> _Stored data entries_
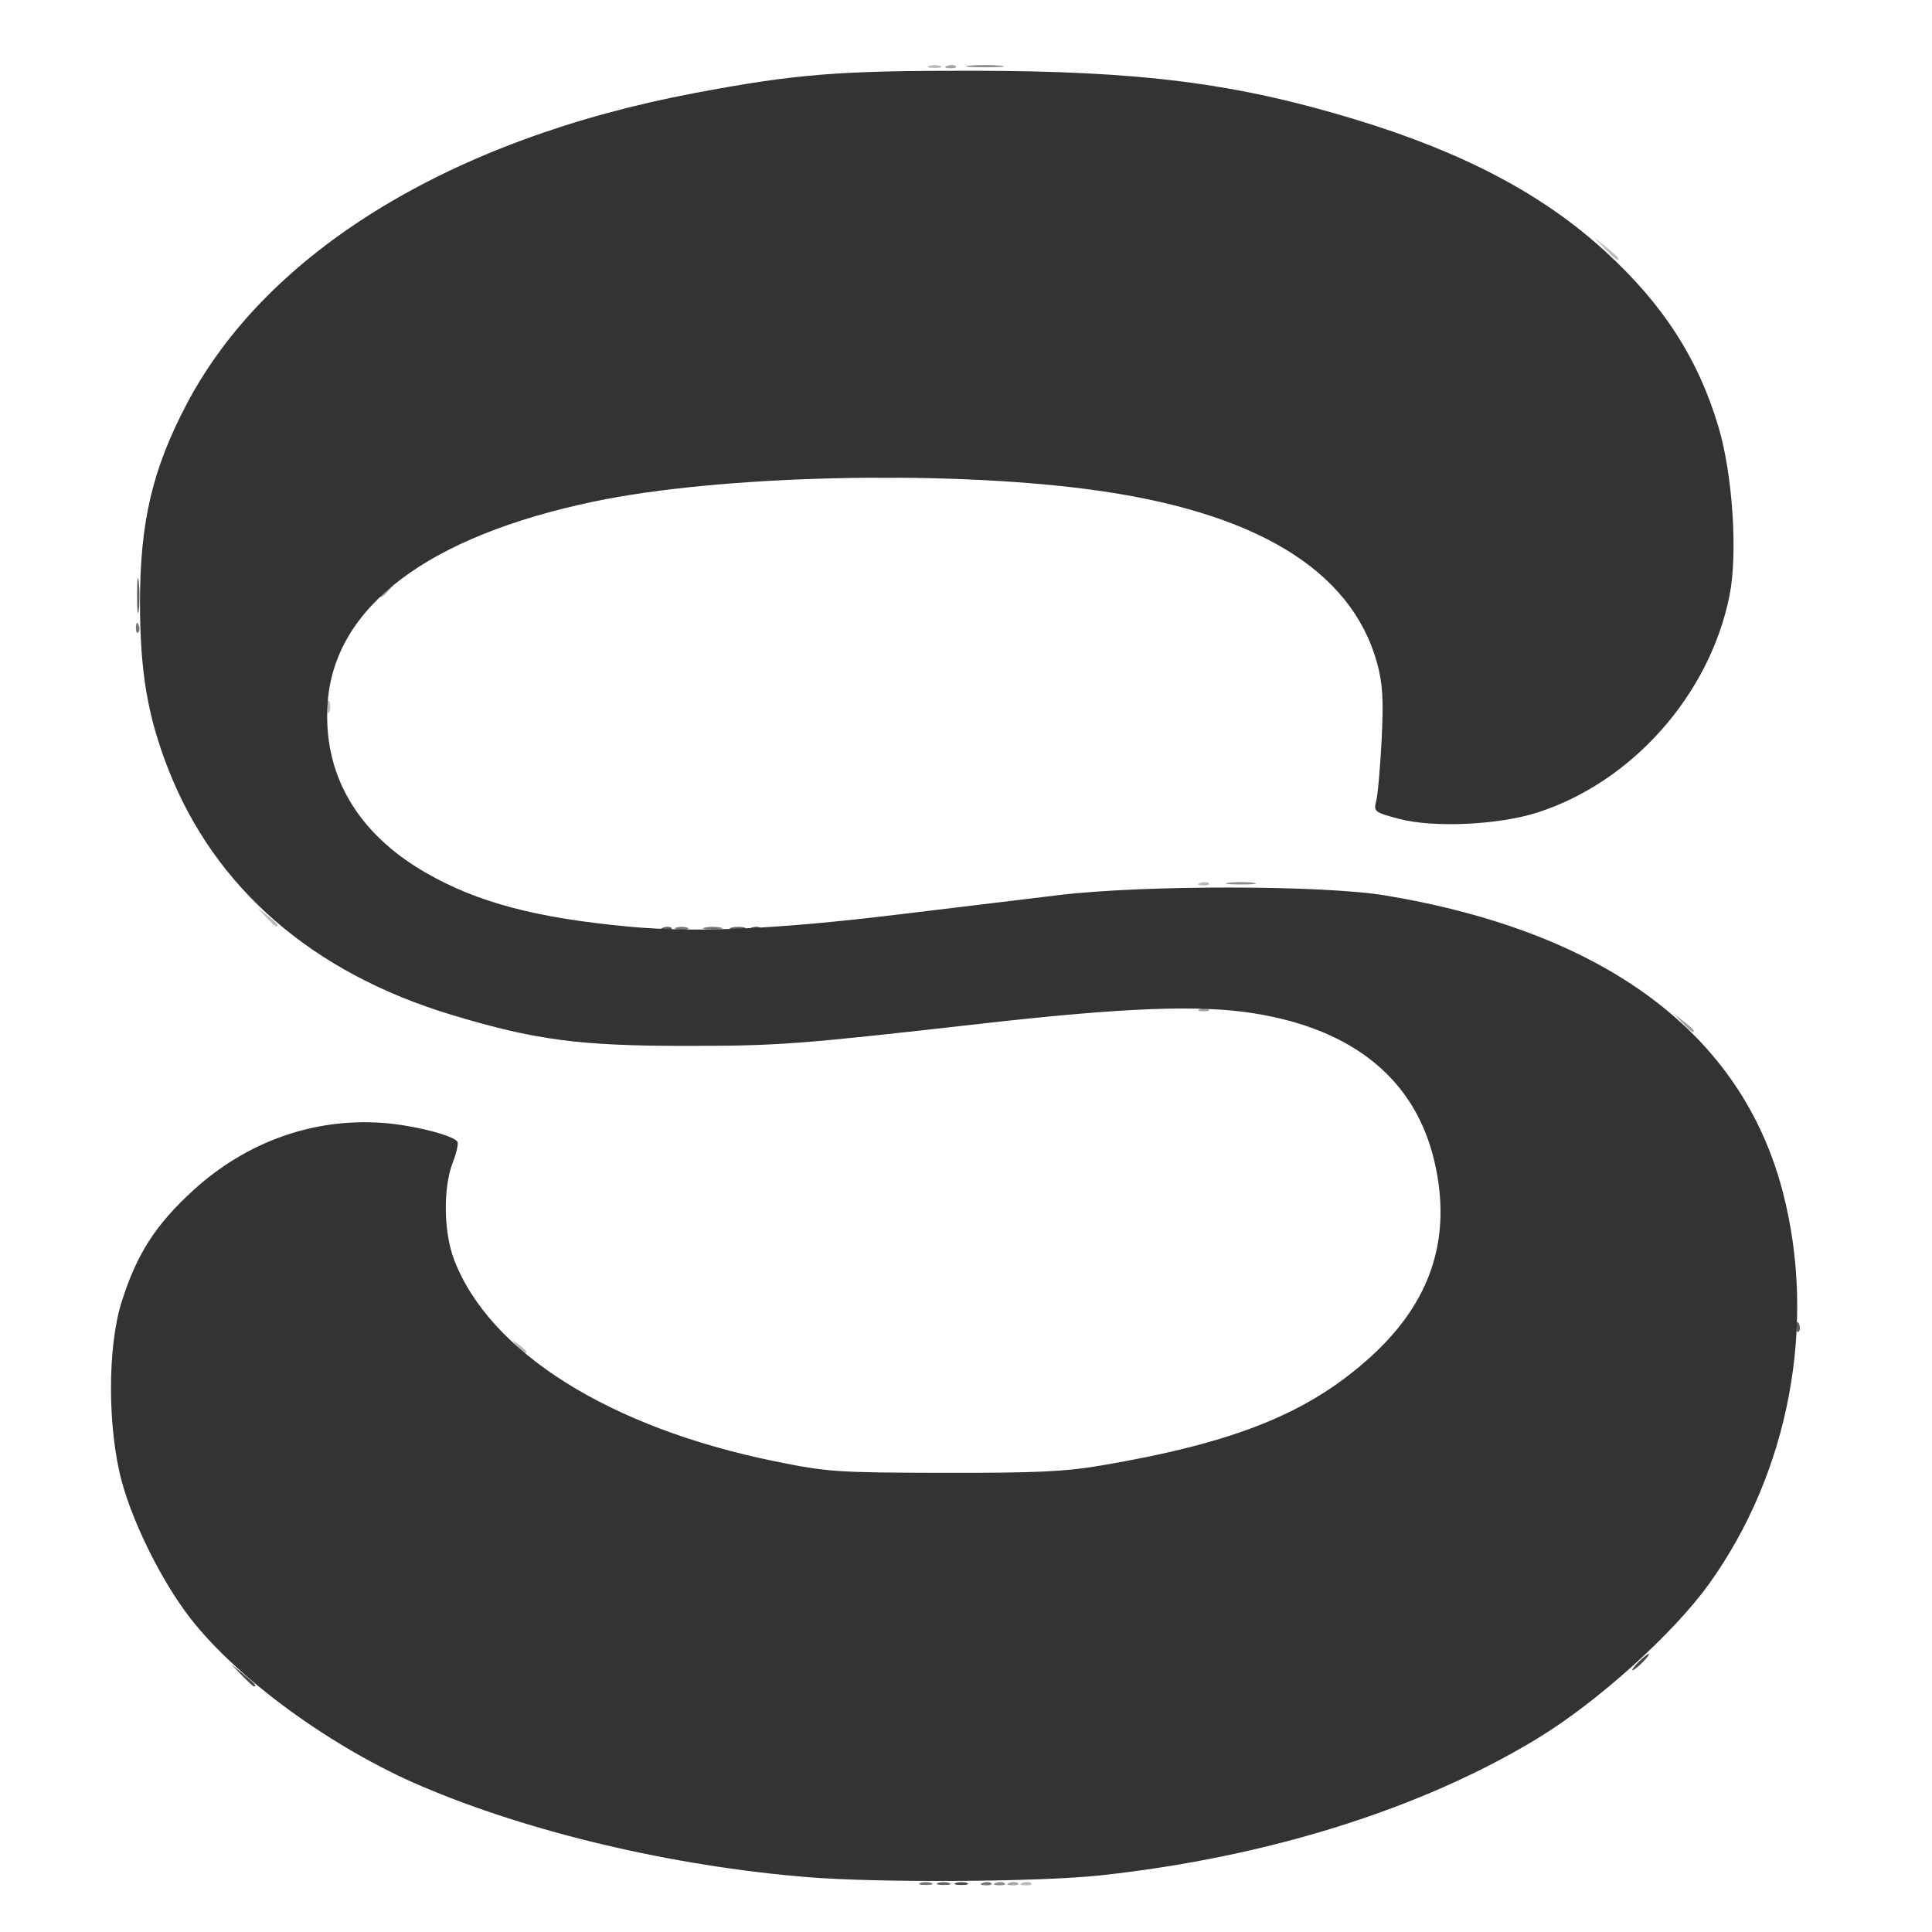 <?xml version="1.0" encoding="UTF-8" standalone="no"?>
<!-- Created with Inkscape (http://www.inkscape.org/) -->

<svg
   version="1.1"
   id="svg1"
   width="500"
   height="500"
   viewBox="0 0 500 500"
   sodipodi:docname="SSSFAVICON.svg"
   inkscape:version="1.3.2 (091e20e, 2023-11-25, custom)"
   xmlns:inkscape="http://www.inkscape.org/namespaces/inkscape"
   xmlns:sodipodi="http://sodipodi.sourceforge.net/DTD/sodipodi-0.dtd"
   xmlns="http://www.w3.org/2000/svg"
   xmlns:svg="http://www.w3.org/2000/svg">
  <defs
     id="defs1" />
  <sodipodi:namedview
     id="namedview1"
     pagecolor="#ffffff"
     bordercolor="#000000"
     borderopacity="0.25"
     inkscape:showpageshadow="2"
     inkscape:pageopacity="0.0"
     inkscape:pagecheckerboard="0"
     inkscape:deskcolor="#d1d1d1"
     inkscape:zoom="1.554"
     inkscape:cx="250"
     inkscape:cy="251.287"
     inkscape:window-width="1920"
     inkscape:window-height="991"
     inkscape:window-x="-9"
     inkscape:window-y="-9"
     inkscape:window-maximized="1"
     inkscape:current-layer="g1" />
  <g
     inkscape:groupmode="layer"
     inkscape:label="Image"
     id="g1">
    <g
       id="g2"
       transform="matrix(1.149,0,0,1.052,-44.196,-12.375)">
      <path
         style="fill:#b9b9b9;fill-opacity:1"
         d="m 268.812,474.96 c 0.722,-0.289 1.584,-0.253 1.917,0.079 0.332,0.332 -0.258,0.569 -1.312,0.525 -1.165,-0.048 -1.402,-0.285 -0.604,-0.604 z M 154.872,342.894 c -1.244,-1.586 -1.208,-1.621 0.378,-0.378 0.963,0.755 1.75,1.542 1.75,1.75 0,0.823 -0.821,0.293 -2.128,-1.372 z m -56.467,-105.5 -1.905,-2.25 2.25,1.905 c 2.114,1.79 2.705,2.595 1.905,2.595 -0.19,0 -1.202,-1.012 -2.25,-2.25 z M 308.812,228.96 c 0.722,-0.289 1.584,-0.253 1.917,0.079 0.332,0.332 -0.258,0.569 -1.312,0.525 -1.165,-0.048 -1.402,-0.285 -0.604,-0.604 z M 112.158,185.643 c 0,-1.375 0.227,-1.938 0.504,-1.25 0.277,0.688 0.277,1.812 0,2.5 -0.277,0.688 -0.504,0.125 -0.504,-1.25 z m 287.766,-112.75 -2.424,-2.75 2.75,2.424 c 2.57,2.266 3.209,3.076 2.424,3.076 -0.179,0 -1.417,-1.238 -2.75,-2.75 z M 247.75,27.981 c 0.688,-0.277 1.812,-0.277 2.5,0 0.688,0.277 0.125,0.504 -1.25,0.504 -1.375,0 -1.938,-0.227 -1.25,-0.504 z"
         id="path8" />
      <path
         style="fill:#a3a3a3;fill-opacity:1"
         d="m 265.812,474.96 c 0.722,-0.289 1.584,-0.253 1.917,0.079 0.332,0.332 -0.258,0.569 -1.312,0.525 -1.165,-0.048 -1.402,-0.285 -0.604,-0.604 z m 151.592,-211.567 -1.905,-2.25 2.25,1.905 c 1.238,1.048 2.25,2.06 2.25,2.25 0,0.8 -0.805,0.209 -2.595,-1.905 z M 308.812,259.96 c 0.722,-0.289 1.584,-0.253 1.917,0.079 0.332,0.332 -0.258,0.569 -1.312,0.525 -1.165,-0.048 -1.402,-0.285 -0.604,-0.604 z M 124,158.266 c 0,-0.208 0.787,-0.995 1.75,-1.75 1.586,-1.244 1.621,-1.208 0.378,0.378 C 124.821,158.559 124,159.089 124,158.266 Z M 251.812,27.96 c 0.722,-0.289 1.584,-0.253 1.917,0.079 0.332,0.332 -0.258,0.569 -1.312,0.525 -1.165,-0.048 -1.402,-0.285 -0.604,-0.604 z"
         id="path7" />
      <path
         style="fill:#8c8c8c;fill-opacity:1"
         d="m 262.812,474.96 c 0.722,-0.289 1.584,-0.253 1.917,0.079 0.332,0.332 -0.258,0.569 -1.312,0.525 -1.165,-0.048 -1.402,-0.285 -0.604,-0.604 z M 315.25,228.927 c 1.512,-0.229 3.987,-0.229 5.5,0 1.512,0.229 0.275,0.417 -2.75,0.417 -3.025,0 -4.263,-0.187 -2.75,-0.417 z M 256.728,27.922 c 1.775,-0.221 4.925,-0.225 7,-0.008 2.075,0.216 0.622,0.397 -3.228,0.402 -3.85,0.004 -5.548,-0.173 -3.772,-0.394 z"
         id="path6" />
      <path
         style="fill:#767676;fill-opacity:1"
         d="m 245.75,474.981 c 0.688,-0.277 1.812,-0.277 2.5,0 0.688,0.277 0.125,0.504 -1.25,0.504 -1.375,0 -1.938,-0.227 -1.25,-0.504 z m 14.062,-0.021 c 0.722,-0.289 1.584,-0.253 1.917,0.079 0.332,0.332 -0.258,0.569 -1.312,0.525 -1.165,-0.048 -1.402,-0.285 -0.604,-0.604 z M 190.75,239.981 c 0.688,-0.277 1.812,-0.277 2.5,0 0.688,0.277 0.125,0.504 -1.25,0.504 -1.375,0 -1.938,-0.227 -1.25,-0.504 z m 6.5,-0.027 c 0.963,-0.252 2.538,-0.252 3.5,0 0.963,0.252 0.175,0.457 -1.75,0.457 -1.925,0 -2.712,-0.206 -1.75,-0.457 z M 69.079,166.06 c 0.048,-1.165 0.285,-1.402 0.604,-0.604 0.289,0.722 0.253,1.584 -0.079,1.917 -0.332,0.332 -0.569,-0.258 -0.525,-1.312 z"
         id="path5" />
      <path
         style="fill:#606060;fill-opacity:1"
         d="m 249.75,474.981 c 0.688,-0.277 1.812,-0.277 2.5,0 0.688,0.277 0.125,0.504 -1.25,0.504 -1.375,0 -1.938,-0.227 -1.25,-0.504 z M 443.079,338.06 c 0.048,-1.165 0.285,-1.402 0.604,-0.604 0.289,0.722 0.253,1.584 -0.079,1.917 -0.332,0.332 -0.569,-0.258 -0.525,-1.312 z M 187.812,239.96 c 0.722,-0.289 1.584,-0.253 1.917,0.079 0.332,0.332 -0.258,0.569 -1.312,0.525 -1.165,-0.048 -1.402,-0.285 -0.604,-0.604 z m 15.457,-0.01 c 0.973,-0.254 2.323,-0.237 3,0.037 0.677,0.274 -0.119,0.481 -1.769,0.461 -1.65,-0.02 -2.204,-0.244 -1.231,-0.498 z M 69.328,158.143 c 0.004,-3.85 0.185,-5.302 0.402,-3.228 0.216,2.075 0.213,5.225 -0.008,7 -0.221,1.775 -0.398,0.078 -0.394,-3.772 z"
         id="path4" />
      <path
         style="fill:#494949;fill-opacity:1"
         d="m 253.75,474.981 c 0.688,-0.277 1.812,-0.277 2.5,0 0.688,0.277 0.125,0.504 -1.25,0.504 -1.375,0 -1.938,-0.227 -1.25,-0.504 z M 92.924,423.894 90.5,421.144 l 2.75,2.424 c 2.57,2.266 3.209,3.076 2.424,3.076 -0.179,0 -1.417,-1.238 -2.75,-2.75 z M 407.5,420.644 c 0.995,-1.1 2.035,-2 2.31,-2 0.275,0 -0.314,0.9 -1.31,2 -0.995,1.1 -2.035,2 -2.31,2 -0.275,0 0.314,-0.9 1.31,-2 z M 207.812,239.96 c 0.722,-0.289 1.584,-0.253 1.917,0.079 0.332,0.332 -0.258,0.569 -1.312,0.525 -1.165,-0.048 -1.402,-0.285 -0.604,-0.604 z M 234.25,128.915 c 2.062,-0.216 5.438,-0.216 7.5,0 2.062,0.216 0.375,0.392 -3.75,0.392 -4.125,0 -5.812,-0.177 -3.75,-0.392 z"
         id="path3" />
      <path
         style="fill:#333333;fill-opacity:1"
         d="M 220.288,473.547 C 189.969,470.845 157.69,462.523 133.28,451.117 113.313,441.786 92.1,424.945 81.366,409.904 75.042,401.041 68.457,386.675 65.864,376.083 62.675,363.057 62.658,343.217 65.826,332.179 69.225,320.336 73.443,313.132 81.966,304.616 93.899,292.694 108.97,286.801 124.5,287.985 c 6.808,0.519 15.994,3.03 16.992,4.645 0.272,0.44 -0.203,2.76 -1.056,5.156 -2.198,6.175 -2.054,17.148 0.312,23.881 8.005,22.775 34.991,41.294 72.252,49.585 11.821,2.63 13.885,2.784 38,2.836 20.78,0.045 27.351,-0.289 35.5,-1.805 30.208,-5.618 46.607,-12.828 60.595,-26.64 13.703,-13.531 18.455,-29.307 14.477,-48.069 -4.264,-20.113 -18.121,-32.576 -40.597,-36.512 -12.303,-2.154 -29.168,-1.46 -61.476,2.532 -41.478,5.125 -45.513,5.457 -66.5,5.465 -24.038,0.009 -33.976,-1.426 -52.783,-7.624 C 108.818,251.087 86.825,230.243 76.334,200.889 71.694,187.907 70,176.966 70,159.97 70,140.169 72.806,127.147 80.523,111.144 98.598,73.657 140.058,45.947 194.978,34.648 217.763,29.96 227.116,29.141 257.5,29.172 c 37.808,0.039 59.357,3.036 86.322,12.008 24.334,8.096 42.205,18.406 56.205,32.426 13.086,13.104 20.926,26.38 25.509,43.197 3.197,11.731 4.365,31.154 2.491,41.429 -4.448,24.385 -21.92,45.94 -43.304,53.425 -8.743,3.06 -23.439,3.793 -31.143,1.553 -5.518,-1.604 -5.76,-1.81 -5.142,-4.375 0.357,-1.48 0.909,-8.316 1.228,-15.191 0.455,-9.809 0.226,-13.881 -1.065,-18.917 -5.88,-22.937 -27.643,-37.216 -64.894,-42.579 -33.288,-4.792 -83.29,-3.45 -111.428,2.99 -37.418,8.564 -58.396,25.822 -60.004,49.362 -1.198,17.543 6.511,32.179 22.105,41.971 11.631,7.303 24.782,11.113 45.743,13.253 15.119,1.543 33.317,0.642 60.878,-3.014 12.375,-1.642 28.575,-3.781 36,-4.753 19.187,-2.513 59.476,-2.462 73.5,0.093 49.651,9.047 80.275,34.016 89.534,72.999 7.716,32.487 1.409,68.983 -16.663,96.421 -8.067,12.248 -25.131,29.021 -38.649,37.99 -26.135,17.34 -60.948,29.248 -98.398,33.657 -13.865,1.632 -49.92,1.868 -66.035,0.432 z"
         id="path2" />
    </g>
  </g>
</svg>

> _Requirement_
Looking at the entries above, determine how many lines contain the word "width" and state only that number.

> _Your response_
2